Тайфун прожужжит и ссосет щеристой губкой пыль, мусор и нефтяной пот с улиц и домов. Город станет чистым, лакированным морской влажью. Море зацветет сиренью, солнце выкатится огромное, бессменное на много дней, запестреют улицы, закувыркаются чайки, заревет зверски сирена дока, грузчики загромыхают по складням сорокапудовыми бочками, уйдут вдаль широкие шаланды, распустив тяжелые паруса, а на бухте заиграет молодой кашалот, загнанный тайфуном в залив. Он ритмичными движениями выказывает спину и хвост и, взбурлив зеленое золото волны, уйдет под воду. Саженей через пять вновь покажется, взбурлит, взбурлит пену и скроется. Так путешествует он по бухте весной, в мае, не боясь разноязычного, разноликого люда с серых кораблей, молодцевато-нахально закинувшихся к самому берегу «непокорной» страны, ежечасно дрожащих нежными детскими голосами отбиваемых склянок.
Ты, седовласый капитан,
куда завел своих матросов?
Не замечал ли ты вопросов
в очах холодных, как туман?
Ночь. Пулеметом поперерезаны провода. А кроме того, целый день японские солдаты с лестницами лазали зачем-то на столбы и стригли проволоку, по таинственному приказу, неизвестно зачем, может, просто от тоскливой злобы. Утром пришла новая бригада «для смены», а ранее бывшую не отправили в Японию. Передают, что из этой, пробывшей в Приморье около четырех месяцев, триста расстреляно «за вредные мысли». Японцы тоскуют – здесь это видно по их озлобленным глазам, по ненужной нервности и обидчивости. Лица их – широкоскулые, лица крестьянских парней – светятся тоскливым озлоблением: инфлюэнца, «испанка» сжигает их легкие, привыкшие к парному, теплому воздуху островов; вместо белого, нежного риса, их насильно приучают к хлебу; американские матросы толкают их с дороги; русские глядят, пли, вернее, отворачиваются, с ненавистью. Им тоскливо, не по себе. Они не знают, зачем они здесь. На днях еще один, выведенный из себя отчаянием и тоской, ударил штыком ребенка, обозвавшего его «макакой». Шесть других было застрелено на часах в упор в лоб, так что пороховой дым обуглил лбы. Ответом на это была беспорядочная стрельба; еще несколько детских смертей под случайными пулями. Однако штабом следствие об «убитых партизанами часовых» велось вяло. Слишком далеко были партизаны, и слишком невероятна версия об убийстве. Так убить могли только свои и притом старшие, смогшие приказать «смирно», подойти и в упор из наганов положить на месте. Очевидно, «вредные мысли» заползли в размозженные черепа часовых, назначенных в эту ночь на пост. Все это волнует, давит тяжелыми, недоуменными вопросами, светящимися из узких хмурых глаз.

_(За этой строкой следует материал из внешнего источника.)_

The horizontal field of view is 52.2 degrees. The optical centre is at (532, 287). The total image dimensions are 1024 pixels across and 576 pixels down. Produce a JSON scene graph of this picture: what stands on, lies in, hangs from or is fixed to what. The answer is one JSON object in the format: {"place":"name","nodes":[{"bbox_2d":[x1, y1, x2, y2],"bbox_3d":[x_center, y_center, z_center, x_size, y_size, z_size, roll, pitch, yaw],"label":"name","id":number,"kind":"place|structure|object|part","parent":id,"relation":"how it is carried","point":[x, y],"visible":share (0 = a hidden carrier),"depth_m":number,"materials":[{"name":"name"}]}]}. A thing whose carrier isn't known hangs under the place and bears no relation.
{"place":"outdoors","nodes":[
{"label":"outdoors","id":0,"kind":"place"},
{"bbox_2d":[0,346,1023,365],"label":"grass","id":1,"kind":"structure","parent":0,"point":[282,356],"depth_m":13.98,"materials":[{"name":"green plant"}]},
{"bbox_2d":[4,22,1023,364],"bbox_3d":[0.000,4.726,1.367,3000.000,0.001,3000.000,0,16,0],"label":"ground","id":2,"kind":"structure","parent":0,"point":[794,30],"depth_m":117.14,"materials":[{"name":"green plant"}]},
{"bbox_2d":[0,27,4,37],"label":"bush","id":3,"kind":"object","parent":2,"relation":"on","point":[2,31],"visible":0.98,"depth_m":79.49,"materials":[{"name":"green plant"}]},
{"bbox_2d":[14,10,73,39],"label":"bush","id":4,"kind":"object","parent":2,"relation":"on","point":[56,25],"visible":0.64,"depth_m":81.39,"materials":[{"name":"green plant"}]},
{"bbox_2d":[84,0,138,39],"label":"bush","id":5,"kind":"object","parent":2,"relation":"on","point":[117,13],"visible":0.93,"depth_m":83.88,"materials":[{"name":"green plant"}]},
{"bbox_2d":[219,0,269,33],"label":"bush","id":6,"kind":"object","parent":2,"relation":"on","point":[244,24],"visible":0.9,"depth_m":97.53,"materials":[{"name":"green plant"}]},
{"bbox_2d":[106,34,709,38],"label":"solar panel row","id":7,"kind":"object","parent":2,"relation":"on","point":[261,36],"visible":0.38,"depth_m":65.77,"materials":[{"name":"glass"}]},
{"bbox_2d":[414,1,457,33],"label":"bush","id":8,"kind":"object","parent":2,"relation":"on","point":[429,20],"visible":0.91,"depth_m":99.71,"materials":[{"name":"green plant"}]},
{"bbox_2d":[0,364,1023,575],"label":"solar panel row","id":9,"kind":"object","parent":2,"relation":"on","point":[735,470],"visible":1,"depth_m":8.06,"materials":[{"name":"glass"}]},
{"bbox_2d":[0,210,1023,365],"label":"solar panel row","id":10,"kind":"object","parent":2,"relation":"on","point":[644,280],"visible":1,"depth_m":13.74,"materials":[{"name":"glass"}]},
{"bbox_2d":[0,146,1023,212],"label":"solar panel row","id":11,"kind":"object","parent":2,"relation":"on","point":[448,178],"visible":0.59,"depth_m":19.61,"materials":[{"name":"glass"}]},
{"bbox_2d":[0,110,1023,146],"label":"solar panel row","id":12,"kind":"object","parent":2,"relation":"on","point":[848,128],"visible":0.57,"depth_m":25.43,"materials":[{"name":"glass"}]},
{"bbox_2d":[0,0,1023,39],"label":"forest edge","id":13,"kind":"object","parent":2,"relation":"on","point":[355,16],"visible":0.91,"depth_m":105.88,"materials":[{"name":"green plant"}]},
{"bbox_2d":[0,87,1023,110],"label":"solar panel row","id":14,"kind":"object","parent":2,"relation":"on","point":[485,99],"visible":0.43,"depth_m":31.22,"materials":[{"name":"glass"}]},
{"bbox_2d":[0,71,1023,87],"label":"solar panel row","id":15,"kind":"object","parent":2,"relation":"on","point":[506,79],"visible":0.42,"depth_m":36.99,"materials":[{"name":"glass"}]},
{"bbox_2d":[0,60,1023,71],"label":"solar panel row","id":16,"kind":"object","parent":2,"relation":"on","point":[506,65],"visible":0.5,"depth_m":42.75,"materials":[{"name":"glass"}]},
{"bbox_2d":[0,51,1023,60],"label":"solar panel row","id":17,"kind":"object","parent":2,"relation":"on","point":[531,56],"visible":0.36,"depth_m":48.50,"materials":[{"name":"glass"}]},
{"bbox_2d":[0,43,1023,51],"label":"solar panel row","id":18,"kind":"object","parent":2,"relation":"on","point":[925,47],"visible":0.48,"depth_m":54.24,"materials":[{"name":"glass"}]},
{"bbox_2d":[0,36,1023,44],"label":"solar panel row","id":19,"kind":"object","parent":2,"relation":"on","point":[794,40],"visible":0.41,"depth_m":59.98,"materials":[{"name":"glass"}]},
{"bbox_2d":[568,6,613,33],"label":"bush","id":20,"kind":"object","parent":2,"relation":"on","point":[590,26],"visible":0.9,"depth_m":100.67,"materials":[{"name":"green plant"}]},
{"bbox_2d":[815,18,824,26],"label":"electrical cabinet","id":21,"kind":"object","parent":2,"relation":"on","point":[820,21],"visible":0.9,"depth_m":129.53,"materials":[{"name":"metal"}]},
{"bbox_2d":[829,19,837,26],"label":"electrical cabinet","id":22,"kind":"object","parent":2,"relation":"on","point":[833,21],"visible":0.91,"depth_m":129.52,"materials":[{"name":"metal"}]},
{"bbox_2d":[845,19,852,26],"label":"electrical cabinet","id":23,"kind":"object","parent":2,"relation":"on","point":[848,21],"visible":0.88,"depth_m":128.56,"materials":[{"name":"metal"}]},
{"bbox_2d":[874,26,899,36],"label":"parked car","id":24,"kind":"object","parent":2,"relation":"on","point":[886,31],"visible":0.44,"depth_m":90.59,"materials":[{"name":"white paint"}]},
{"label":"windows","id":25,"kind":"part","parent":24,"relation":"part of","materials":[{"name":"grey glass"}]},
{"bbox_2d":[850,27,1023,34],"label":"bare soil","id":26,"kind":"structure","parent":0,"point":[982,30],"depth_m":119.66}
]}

Переулок полуотвесом взмывает на сопку. Внизу, на рейде, огни мачт и прожекторов. Здесь весна, тишина, темь. У будки японского участка иду тише. Нарочно покашливаю: одному американцу на днях всадили пулю за то, что, по показанию часового, он «подкрадывался» к посту. Из будки слышится лязг стали, и струйка электрического фонарика бьет в лицо. Часовой выходит, перегораживая коротким широким штыком путь.
– Стой!
Останавливаюсь.
– Ссдрасти.
– Здравствуйте.
– Ваша куда ходи?
– Моя гуляй мало-мало.
– Ваша борьшевика есть?
– Нет, моя большевика нету.
– Ага-ага! Нету. Ссдрасти.
– Здравствуйте, здравствуйте.
Молчание. Штык поперек тротуара.
– Ну, что же? Можно пройти?
– Ходи нету, нерьзя. Ваша борьшевика?
– Да нет, не большевик! Я домой иду, домой. Моя там вот живет.
– Ага! Ваша гуряй-гуряй?
– Ну да, гуляй-гуляй, теперь домой иду.
– Ссдрасти.
– Да здравствуйте, здравствуйте. А пройти можно?

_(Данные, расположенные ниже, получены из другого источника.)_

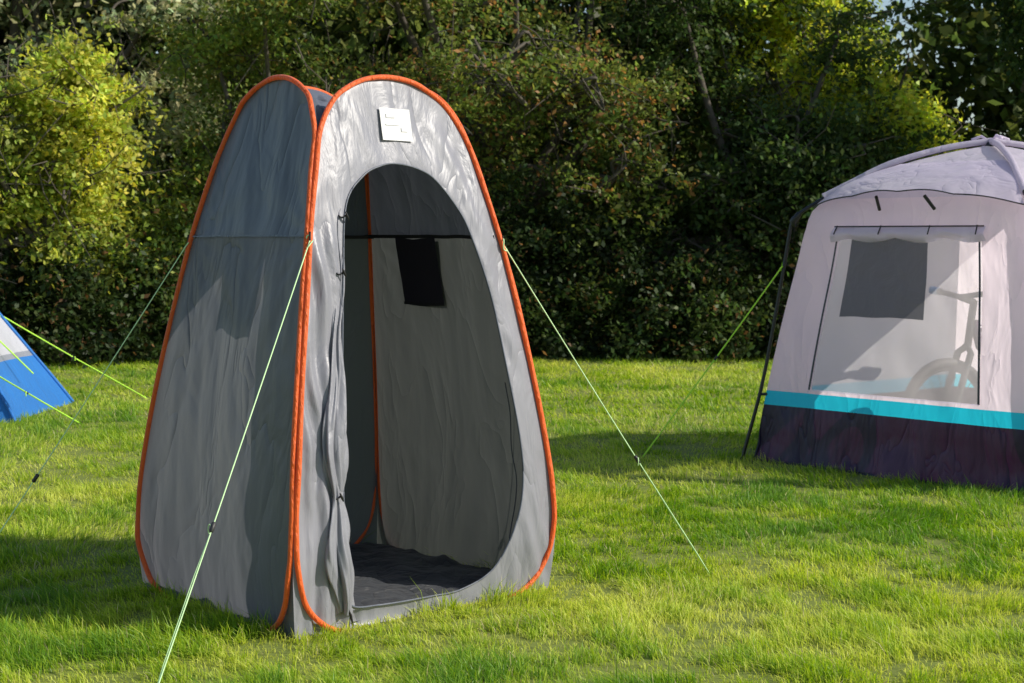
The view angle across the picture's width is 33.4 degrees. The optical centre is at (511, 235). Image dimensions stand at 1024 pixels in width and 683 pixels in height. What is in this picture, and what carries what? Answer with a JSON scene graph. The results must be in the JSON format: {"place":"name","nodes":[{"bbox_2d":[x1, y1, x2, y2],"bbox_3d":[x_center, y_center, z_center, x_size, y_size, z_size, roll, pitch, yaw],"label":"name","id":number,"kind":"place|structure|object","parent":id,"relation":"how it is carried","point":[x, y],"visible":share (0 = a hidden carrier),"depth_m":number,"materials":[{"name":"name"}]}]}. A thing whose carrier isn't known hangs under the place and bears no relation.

– Ходи нерьзя! – категорически.
Поворачиваюсь, чтобы обойти другим переулком общительного интервента.
Но в спину свет электричества и озлобленно-тоскливый окрик:
– Стой!
Снова оборачиваюсь. Винтовка у плеча на прицеле. Становится жутко. И тоскливо, как и ему. Страх моментально взбалтывает нервы.
– Что нужно?
Винтовка опускается на локоть, штыком ко мне на расстоянии полувершка от живота. И снова злобно-вежливое:
– Ссдрасти.
Становится унизительно нелепо. Два человека во тьме хотят чего-то друг от друга уже помимо случайного, общего, привычного. Я вижу его лицо под наискось павшей полосой фонарика. В нем нет злобы. В нем тоскливое отчаянье.
– Ссдрасти, – повторяет настойчиво, как бы прося немедленного ответа.
Но во мне уже вспыхнула острая ненависть к этому вооруженному штыком и издевающемуся надо мной от скуки, от беспонятности, от влажно ощупывающего мрака, играющего со мной, как если бы я был ежом.
Ненависть становится сильнее страха, переходит в нервическую судорогу горла, холодит губы, смыкающиеся в плевок. И в третий раз он настойчиво, упрямо шепелявит то же самое:
– Ссдрасти! Ваша борьшевика есть?
Сердце уплотняется острой, презрительной насмешкой над опасностью. С губ, оторвавшись, как с летящего круга, сами срываются слова:
– Ну да, борьшевика, большевик! Чего тебе нужно? Что ты кривляешься?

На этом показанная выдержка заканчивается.